|
|
ANTI CAPITALISM |
|
Modern Theory and Historical Origins |

|
What is Anti-capitalism? To answer this begs the question – What
is Capitalism? For all intents and purposes, capitalism is a system that allows an oligarchy (government by the few) or a
plutocracy (government by the wealthy) to accumulate capital and thereby restrict the natural circulation of wealth through
the economy. Invariably such a system allows for the diversion of wealth to non-productive purposes like decadent dissipation
and conspicuous consumption or to counter-productive purposes like politics and war.

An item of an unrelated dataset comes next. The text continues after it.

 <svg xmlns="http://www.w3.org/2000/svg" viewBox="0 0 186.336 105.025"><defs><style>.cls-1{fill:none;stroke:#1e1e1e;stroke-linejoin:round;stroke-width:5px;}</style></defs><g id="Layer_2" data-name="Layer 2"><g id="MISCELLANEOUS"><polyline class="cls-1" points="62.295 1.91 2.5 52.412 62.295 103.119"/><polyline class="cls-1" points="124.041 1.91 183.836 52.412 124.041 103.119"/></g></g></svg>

Anti-capitalism isn't Communism or Marxism -- the last communist nations on earth practice capitalism today.
It isn't anarchism -- it says nothing about government or freedom. It isn't nihilism -- it's about improvement and change,
not total destruction.
Anti-capitalism isn't Socialism either -- it involves the elimination of capitalised wealth not wealth redistribution.
More specifically, Anti-capitalism is about eliminating the profit motive as the icon of the world economic order. It could
just as well be called Anti-profitism.
Capitalism has been defined as many things. Some claim it to be "natural" economics, as if anything natural
could be invented by humans. This point of view ignores the fact that the laws favour those who have wealth. Others consider
capitalism to be the economics of democracy, as if we could not vote for any other economic system.
Money, considered the root of all evil, is the foundation of capitalism.
But, is capitalism inherently evil? How else could we describe a system that puts phenomenal wealth in the hands of a few
while a significant number of earth's inhabitants are left to freeze in the coldest element known to man -- human indifference.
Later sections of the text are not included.